Statistical modeling of methylene blue dye adsorption by high surface area mesoporous activated carbon from bamboo chip using KOH-assisted thermal activation

• Published in: Energy, ecology and environment (Online) Vol. 5; no. 6; pp. 456 - 469
• Main Authors: Jawad, Ali H., Abdulhameed, Ahmed Saud
• Format: Journal Article
• Language: English
• Published: College Park, MD Joint Center on Global Change and Earth System Science of the University of Maryland and Beijing Normal University 01.12.2020; Springer Nature B.V
• Subjects: Activated carbon; Adsorbents; Adsorption; Aqueous solutions; Bamboo; Biomass; Carbon; Cationic dyes; Chemical composition; Dyes; Ecology; Electrostatic properties; Energy; Environment; Fourier transforms; Functional groups; Lignocellulose; Mathematical models; Methylene blue; Original Article; Particle size; Physical characteristics; Potash; Potassium; Precursors; Pyrolysis; Response surface methodology; Statistical models; Surface area; Surface chemistry; Variables; Malaysia; KOH activation; Response surface methodology; Methylene blue dye; Modeling; Activated carbon; Bamboo chip
• ISSN: 2363-7692; 2363-8338
• DOI: 10.1007/s40974-020-00177-z

Bamboo chip (BC) biomass was used as an alternative precursor for producing high surface area and mesoporous bamboo chip activated carbon using KOH activation with pyrolysis process.

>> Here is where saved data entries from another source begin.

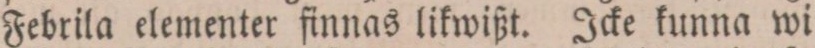
Febrila elementer finnas likwißt. Icke kunna wi
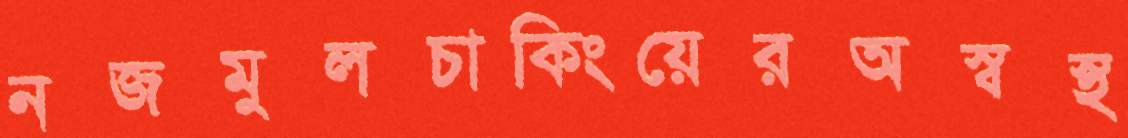
নজমুলচাকিংয়েরঅস্বস্থ
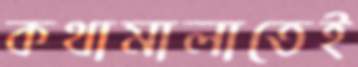
কথামালাতেই
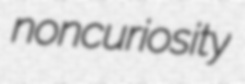
noncuriosity
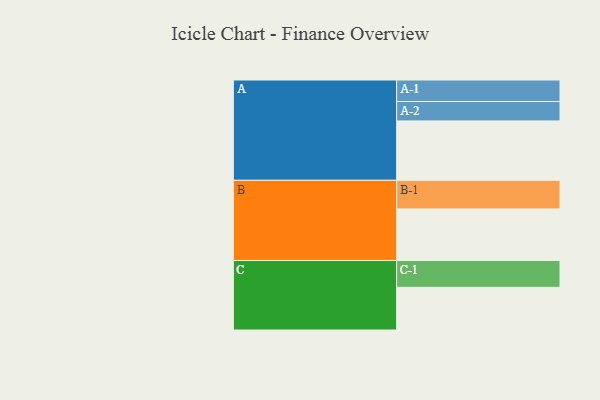
{"axis": {"x": "Segment", "y": "Value"}, "legend": ["", "A", "B", "C"], "data": [{"x": "A", "y": 550, "type": ""}, {"x": "B", "y": 477, "type": ""}, {"x": "C", "y": 395, "type": ""}, {"x": "A-1", "y": 199, "type": "A"}, {"x": "A-2", "y": 180, "type": "A"}, {"x": "B-1", "y": 265, "type": "B"}, {"x": "C-1", "y": 249, "type": "C"}]}
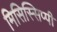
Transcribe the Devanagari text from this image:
मिसिस्सिप्पी
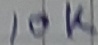
Text: 10K
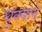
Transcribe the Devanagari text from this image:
धुक्याने
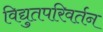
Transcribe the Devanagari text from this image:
विद्युतपरिवर्तन
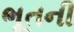
ભૂતની
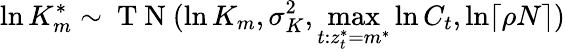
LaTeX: \ln K_{m}^{*}\sim\mathrm{~T~N~}(\ln K_{m},\sigma_{K}^{2},\underset{t:z_{t}^{*}=m^{*}}{\operatorname*{max}}\ln C_{t},\ln\lceil\rho N\rceil)
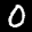
Label: 0
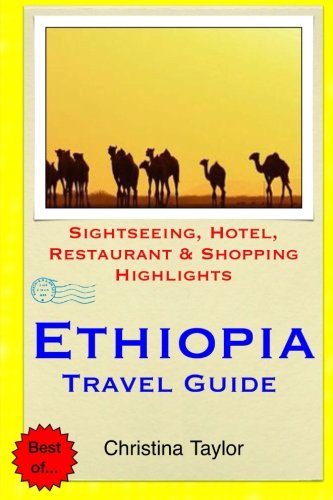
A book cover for Ethiopia Travel Guide: Sightseeing, Hotel, Restaurant & Shopping Highlights; Christina Taylor; Travel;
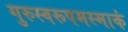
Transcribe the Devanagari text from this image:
गुरुस्वरूपमस्माकं
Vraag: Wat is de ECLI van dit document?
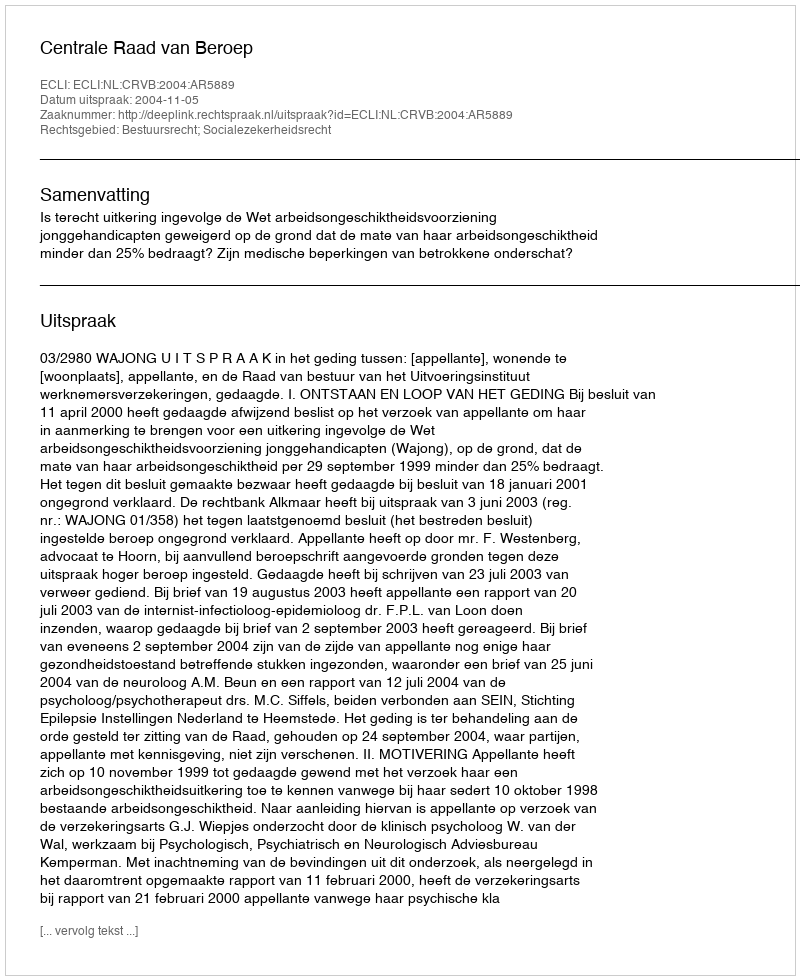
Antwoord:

Various characterization methods were employed to study the morphological characteristics, material crystallinity, surface area property, elemental composition, and surface functional group of the bamboo chip activated carbon (BCAC). The Brunauer–Emmett–Teller analysis showed that the bamboo chip activated carbon has a high surface area (720.69 m 2 /g) and mesoporous structure (mean pore diameter 7.32 nm). The adsorption property of bamboo chip activated carbon for the removal of methylene blue (MB) from aqueous media was evaluated. The effect of key adsorption parameters such as the bamboo chip activated carbon dose (A: 0.02–0.1 g/L), pH (B: 3–10), temperature (C: 30–50 °C), and time (D: 5–20 min) was optimized using a response surface methodology–Box–Behnken design. The kinetics of adsorption obeyed a pseudo-first order. The adsorption equilibrium was well described by the Freundlich isotherm model. The maximum adsorption capacity ( q m ) of MB dye was found to be 305.3 mg/g at 40 °C. The MB dye adsorption mechanism onto bamboo chip activated carbon surface indicates various dye–adsorbent interactions: electrostatic attraction, π – π interaction, and H-bonding. This study demonstrates the utility of bamboo chip as a biomass precursor for the efficient synthesis of activated carbon with favorable cationic dye adsorption properties.